Impossibile Fermare I Battiti Fashion Blog Meggy Fri Alessia Frijio

E' il 19 Settembre e la notizia fa il giro dei social: "la Double Excess approda in Cina, precisamente a Chongqing, la città più popolosa del mondo. "Il grintoso Edoardo Zeloni, giovane imprenditore e fondatore del brand, ha voluto puntare in alto e a distanza di un anno ecco che il suo sogno si realizza.

Il primo punto vendita monomarca si posiziona all'interno di un mega centro commerciale di 43 mila metri quadri, che ospita un intero piano dedicato al made in Italy, non solo moda, ma anche food, design e tutte le eccellenze nostrane che, a quanto pare fanno furore, anche fuori dai confini nazionali. E' un'impresa storica, una vera e propria scommessa.

Il brand ci ha ormai abituati bene, i colpi di scena sono sempre all'ordine del giorno. A Gennaio, abbiamo visto la Double Excess fare il suo primo ingresso nella fiera più gettonata del settore tessile e dopo il gran successo, per l'edizione di Giugno alla Fortezza da Basso era doveroso il bissare. In Italia le sue collezioni stanno conquistando i fashion addicted ma Edoardo, 31 enne laureato in psicologia del lavoro, non vuole fermarsi e guarda altrove, punta il mercato estero e con la sua linea tutta made in Tuscany sogna di fare centro in Cina.

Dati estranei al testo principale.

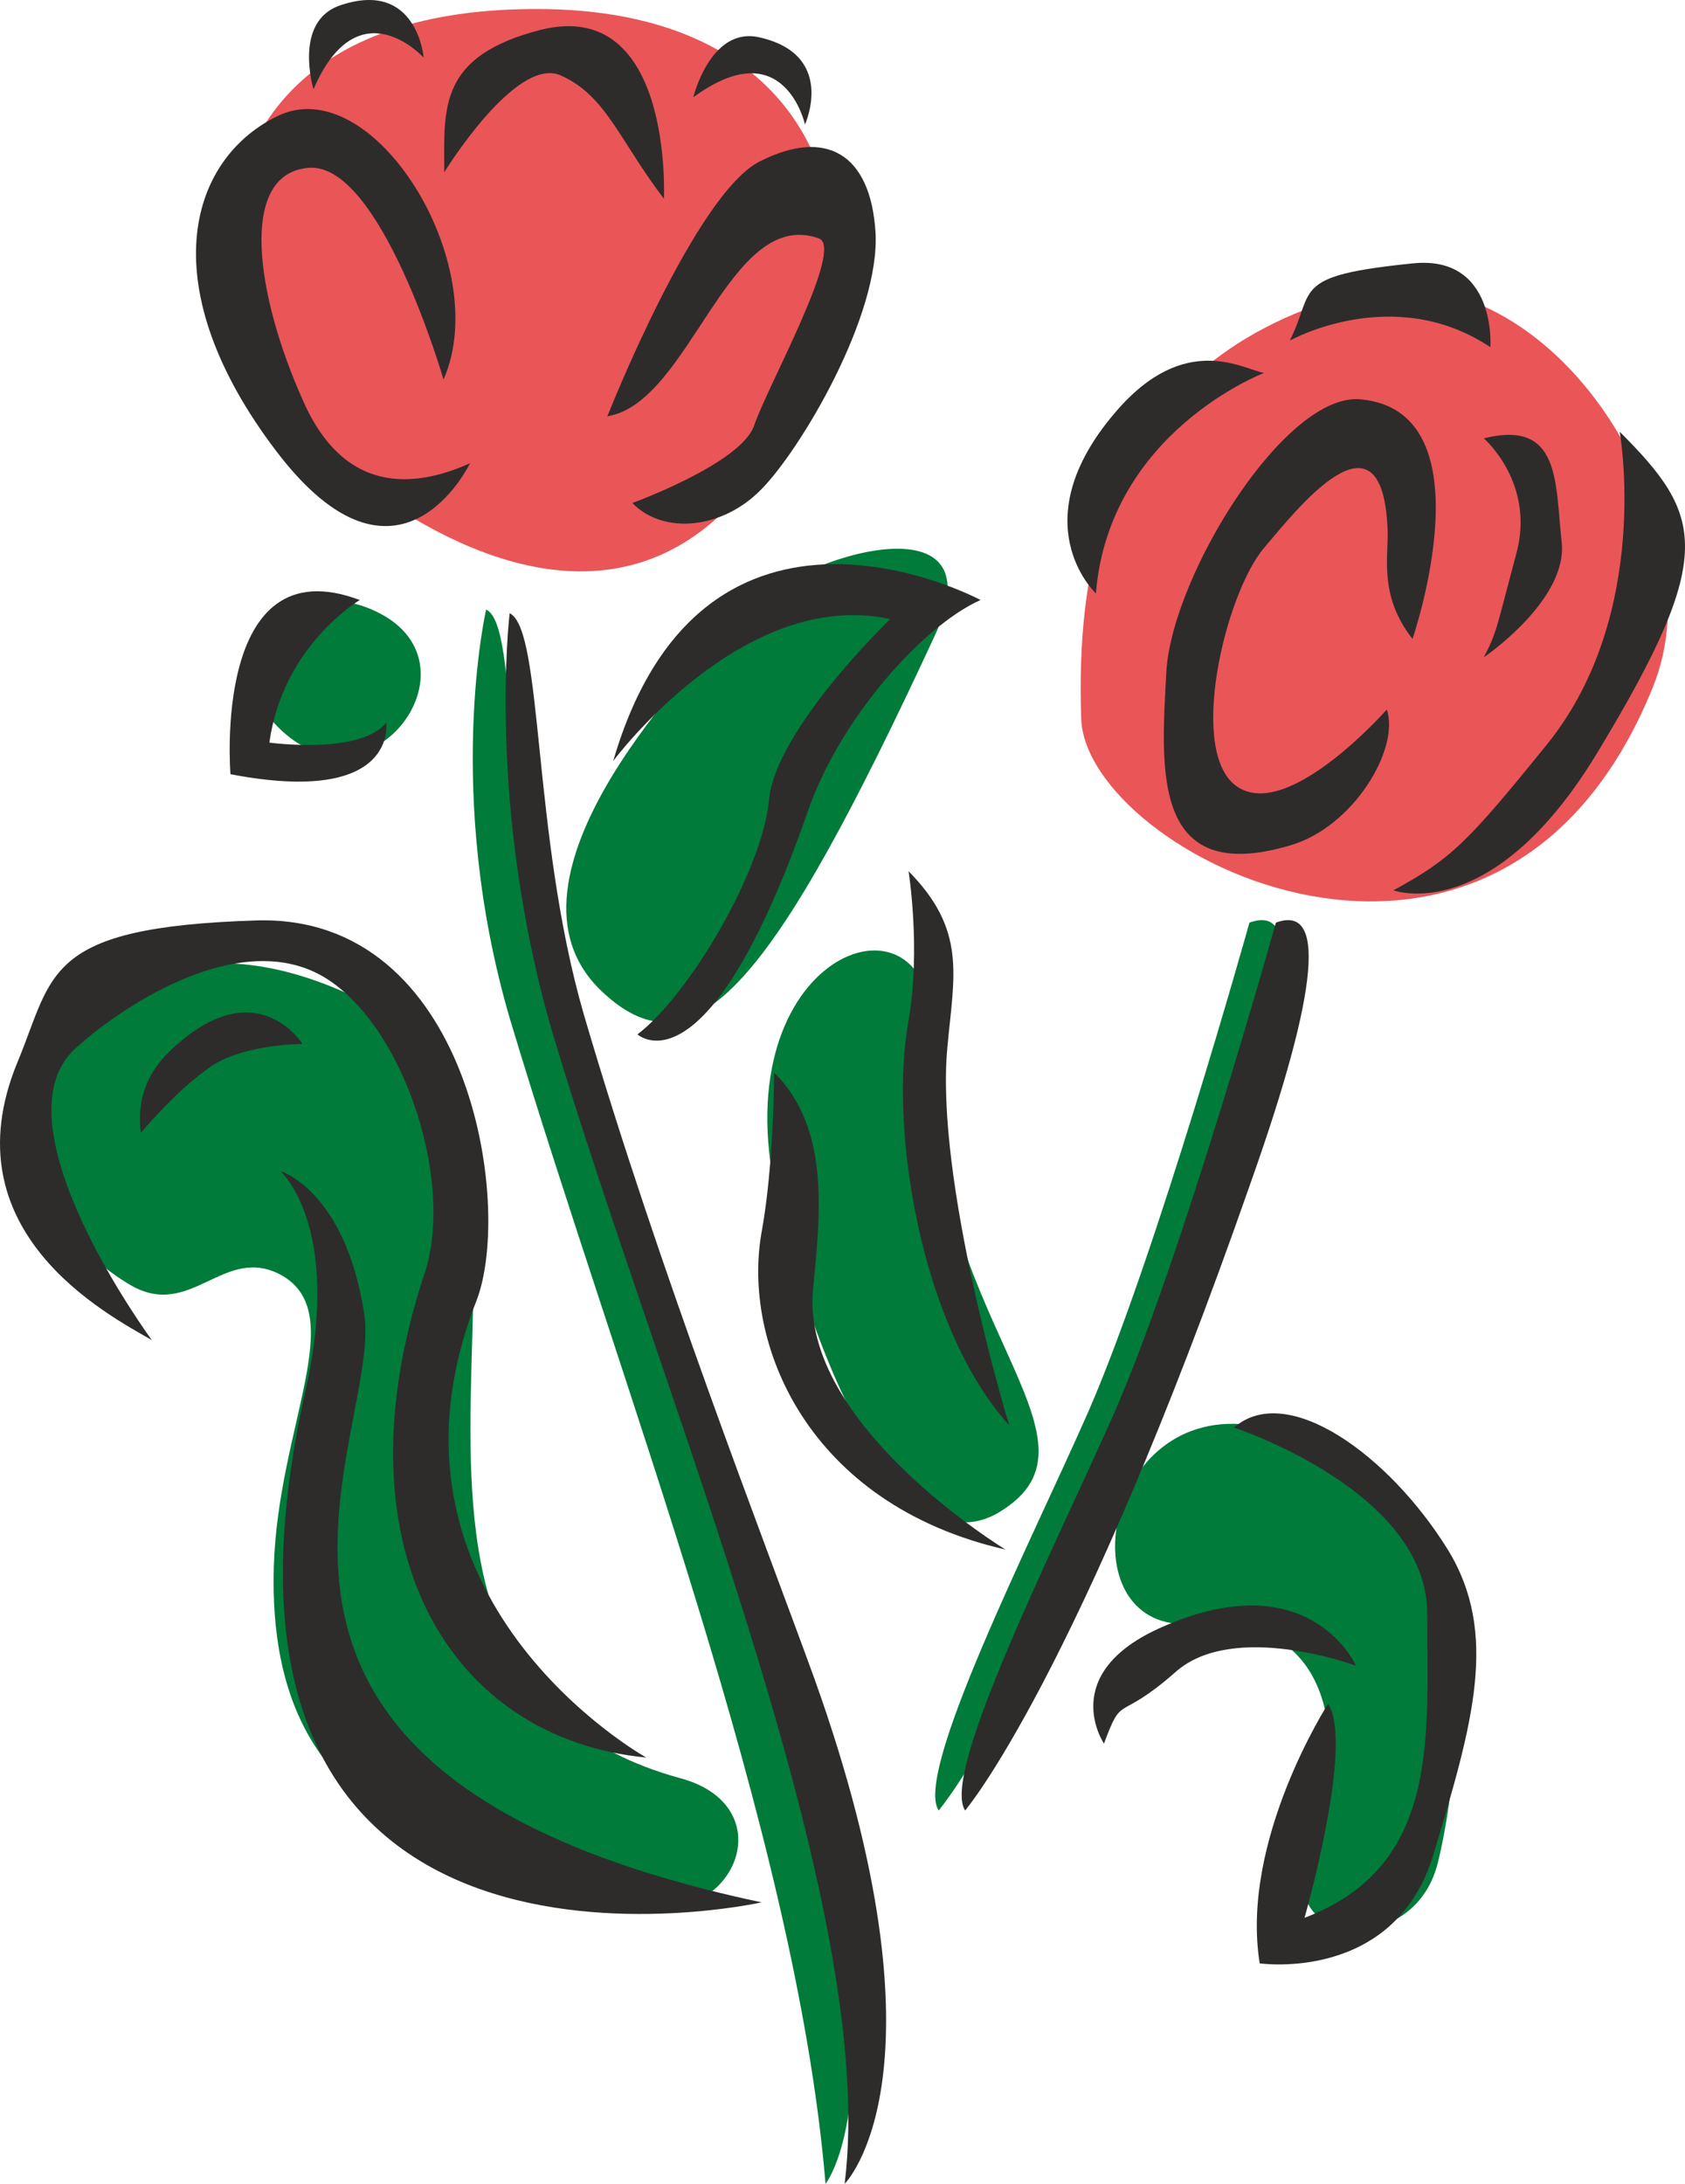 <svg xmlns="http://www.w3.org/2000/svg" width="220.188" height="285.255" viewBox="0 0 165.141 213.941"><path d="M271.934 414.393c-6.768-17.712-4.536-38.088-7.92-39.672 0 0-4.176 18.072 2.376 40.248 10.8 35.928 28.008 79.488 30.888 113.976 0 0 8.64-10.8-5.184-49.464-4.968-13.68-10.872-40.752-20.16-65.088zm66.672 40.176c-14.544-1.584-17.568 20.52-5.328 19.512 15.912-1.224 14.616 15.048 11.376 23.184-3.24 8.136 10.152 9.72 12.6.36 1.44-5.616 8.136-39.96-18.648-43.056zm-84.168-78.984c-8.568-5.472-18.936 3.096-10.44 11.016 8.568 7.92 18.936-5.472 10.44-11.016z" style="fill:#007b3a" transform="translate(-216.37 -315.004)"/><path d="M243.062 354.273c6.48 7.848 37.512 34.632 52.632-2.448 6.552-16.416.072-35.424-25.632-35.928-37.368-.648-33.48 30.456-27 38.376zm79.272 31.104c.36 13.32 40.968 34.056 56.016-3.024 6.768-16.488-10.296-43.92-29.808-38.448-24.768 6.984-26.64 28.08-26.208 41.472z" style="fill:#ea5558" transform="translate(-216.37 -315.004)"/><path d="M275.318 412.089c9.144 8.712 16.848-.72 32.616-34.704 6.48-13.896-12.888-8.064-18.216-2.736-5.328 5.4-25.92 26.496-14.4 37.44zm38.88 51.12c12.168-7.2-7.704-19.152-6.552-46.656.72-15.264-19.296-9.216-15.624 13.32 1.152 7.416 10.296 40.176 22.176 33.336zm-70.992 5.256c-.792 26.928 19.944 28.008 34.128 32.904 10.584 3.672 16.416-9.288 5.688-12.168-38.592-10.584-5.976-63.216-30.456-75.816-28.872-15.048-42.408 16.2-23.544 27.432 6.048 3.672 9.288-4.032 14.976-.864 6.624 3.816-.36 14.688-.792 28.512z" style="fill:#007b3a" transform="translate(-216.37 -315.004)"/><path d="M259.838 352.185s-6.192-21.384-13.248-20.736c-6.912.576-5.112 12.528-.576 22.68 4.392 10.152 12.024 8.208 16.416 6.264 0 0-6.984 14.616-19.008-1.224s-8.784-28.368.072-32.76c9.36-4.68 21.312 14.472 16.344 25.776zm.072-20.305s6.984-11.375 11.376-9.503c4.464 1.944 5.76 6.336 10.152 12.096 0 0 .936-19.728-12.024-16.56-10.152 2.592-9.504 7.704-9.504 13.968zm15.984 23.905s8.64-21.888 14.976-24.984c6.408-3.24 10.8-.792 11.304 6.912.504 8.208-7.416 21.456-11.232 25.272-3.744 3.816-9.504 4.464-12.6 1.296 0 0 10.728-3.888 11.952-7.632 1.296-3.816 8.856-17.352 6.336-18.288-8.856-3.168-12.6 16.128-20.736 17.424zm14.76-37.152c-4.68-.936-6.336 5.904-6.336 5.904 8.928-6.552 10.944 2.664 10.944 2.664s3.168-6.912-4.608-8.568zm-40.968-3.096c-4.608 1.584-2.592 8.208-2.592 8.208 4.392-10.152 10.8-3.096 10.8-3.096s-.648-7.704-8.208-5.112zm1.944 58.248s-7.56 4.464-8.856 13.968c0 0 8.856 1.224 11.448-1.944 0 0 1.224 8.208-15.264 5.04 0 0-1.872-22.536 12.672-17.064zm28.08 113.4s-28.08-15.624-16.632-44.784c3.6-9.36-.648-37.872-21.6-37.224-20.88.648-19.8 5.256-23.4 13.896-6.84 16.56 8.784 24.696 13.176 27.216 0 0-15.552-21.096-7.56-28.512 4.32-3.96 15.264-11.376 23.472-7.56 8.208 3.816 13.968 20.016 10.8 29.592-8.856 26.712 2.376 45.504 21.744 47.376z" style="fill:#2d2c2b" transform="translate(-216.37 -315.004)"/><path d="M236.51 419.865c-3.168 2.304-6.336 6.12-6.336 6.12-.648-5.04 2.304-7.704 4.392-9.36 7.416-5.832 11.448.648 11.448.648s-6.336 0-9.504 2.592zm9.792 31.392c-14.184 63.288 44.712 50.112 44.712 50.112-59.544-12.6-37.008-45.648-38.952-57.672-1.872-12.096-8.208-13.968-8.208-13.968s6.12 5.4 2.448 21.528zm30.168-61.704s12.672-17.064 27.144-13.896c0 0-11.232 10.8-11.88 17.712-.648 6.984-7.848 19.152-12.888 22.968 0 0 6.84 6.336 16.632-21.672 3.096-9.144 11.304-18.36 16.992-20.88 0 0-27.144-14.616-36 15.768z" style="fill:#2d2c2b" transform="translate(-216.37 -315.004)"/><path d="M273.59 414.393c-5.112-17.64-3.96-37.728-7.272-39.312 0 0-2.304 19.008 4.248 41.256 10.8 36 31.968 85.464 28.584 112.608 0 0 10.872-10.8-2.952-49.464-4.968-13.68-15.264-40.032-22.608-65.088zm18.648 5.687s0 8.929-1.224 15.625c-1.944 10.8 4.392 26.64 23.904 31.104 0 0-20.16-12.24-18.864-25.488.648-6.984 1.8-15.696-3.816-21.24zm13.176-19.727s1.224 7.632 0 14.616c-1.944 10.656 1.224 30.096 9.864 39.672 0 0-7.344-24.048-6.048-37.152.648-6.984 1.872-11.376-3.816-17.136zm46.944-33.624c.144 2.736-.936 6.552 2.448 10.872 0 0 7.632-22.248-5.04-23.472-7.344-.792-18.432 17.064-19.08 26.568-.504 9.504-1.584 21.168 12.096 17.136 6.264-1.8 10.8-9.504 9.504-13.32 0 0-9.504 10.8-14.544 7.632-5.112-3.168-1.296-19.008 2.52-23.472 2.952-3.456 11.52-14.544 12.096-1.944zm-12.096-15.192s-15.192 5.76-16.488 21.6c0 0-7.416-6.912 1.944-17.784 6.84-7.992 12.6-4.104 14.544-3.816zm-2.952 103.32s18.936 6.192 18.936 18.216c0 12.096 1.296 24.768-12.024 29.808 0 0 4.896-17.064 2.304-20.952 0 0-8.64 13.392-6.696 25.416 0 0 13.32 1.944 17.064-10.8 3.816-12.672 6.408-21.528 1.368-29.736-5.76-9.288-15.768-16.488-20.952-11.952z" style="fill:#2d2c2b" transform="translate(-216.37 -315.004)"/><path d="M330.326 474.369c-10.44 4.536-5.76 11.448-5.76 11.448 1.872-5.04 1.224-1.944 6.984-6.984 5.688-5.112 17.712-.648 17.712-.648s-4.464-10.152-18.936-3.816zm31.464-116.424s5.112 4.392 3.168 11.376c-1.872 6.984-1.872 7.632-3.168 10.08 0 0 8.28-5.616 7.632-11.304-.648-5.832-.072-12.024-7.632-10.152z" style="fill:#2d2c2b" transform="translate(-216.37 -315.004)"/><path d="M375.11 357.297s3.168 17.712-6.984 30.456c-7.92 9.792-9.504 11.376-15.192 14.472 0 0 9.792 3.672 20.232-13.896 11.448-19.008 10.152-22.824 1.944-31.032zm-32.328-8.928s10.152-5.688 19.656.648c0 0 .648-9.072-7.632-8.208-12.024 1.224-9.504 2.52-12.024 7.56z" style="fill:#2d2c2b" transform="translate(-216.37 -315.004)"/><path d="M308.366 492.369s10.944-12.744 28.008-61.56c6.84-19.296 7.344-27.216 2.448-25.416 0 0-9.144 32.76-15.84 48.024-5.616 12.744-17.064 35.28-14.616 38.952z" style="fill:#007b3a" transform="translate(-216.37 -315.004)"/><path d="M310.958 492.369s10.944-12.744 28.008-61.56c6.84-19.296 7.272-27.216 2.448-25.416 0 0-9.144 32.76-15.84 48.024-5.616 12.744-17.064 35.28-14.616 38.952z" style="fill:#2d2c2b" transform="translate(-216.37 -315.004)"/></svg>

Inizia per la Double Excess una nuova era e noi vogliamo che questo momento entri nella storia anche di Impossibile Fermare i Battiti...Come? Attraverso una maxi intervista che ci permetterà di conoscere un po' meglio l'universo di questo brand tutto pratese.
Edoardo buongiorno e grazie in anticipo per la tua disponibilità...E' sempre bello quando un giovane, coraggioso e caparbio, riesce a portare a termine "imprese" come la tua. Sei un esempio positivo ed è per questo che mi piacerebbe che tu raccontassi un po' quelle che sono le origini del tuo marchio e più che altro la tua avventura....Hai visto mai che si trasformi in un input per qualche altro sognatore?! :-)
Era il 2009, dovevamo cambiare nome alla band, il nostro nome era Double Deuce ma c'erano molte band e molti locali che si chiamavano in quel modo. Una sera avevo in testa una canzone di Kid Rock, Roll on, le sue parole mi risuonavano nella testa e mi sono soffermato su una frase "Money and Success"ma ascoltandola superficialmente avevo capito "Money in Excess" mi piaceva il suono della parola Excess e così mi venne in mente di chiamare la band Double Excess. Poi nel Novembre 2010 mi sono laureato in Psicologia del Lavoro e delle Organizzazioni, non ero per niente attratto dall'idea di andare a fare qualche tirocinio sottopagato,
lavorare in altre aziende, contribuire a farle crescere e poi magari essere mandato via, volevo sfruttare le mie conoscenze e mettere in pratica quello che avevo studiato e ho aperto la partita iva.
Il logo attuale del brand: "silhouette con le mutandine abbassate", era il logo della band dove suonavo, ogni volta, durante i nostri concerti, c'era qualcuno che ci faceva i complimenti per quel logo suggerendomi di farci delle t-shirt. Da li è cominciato tutto.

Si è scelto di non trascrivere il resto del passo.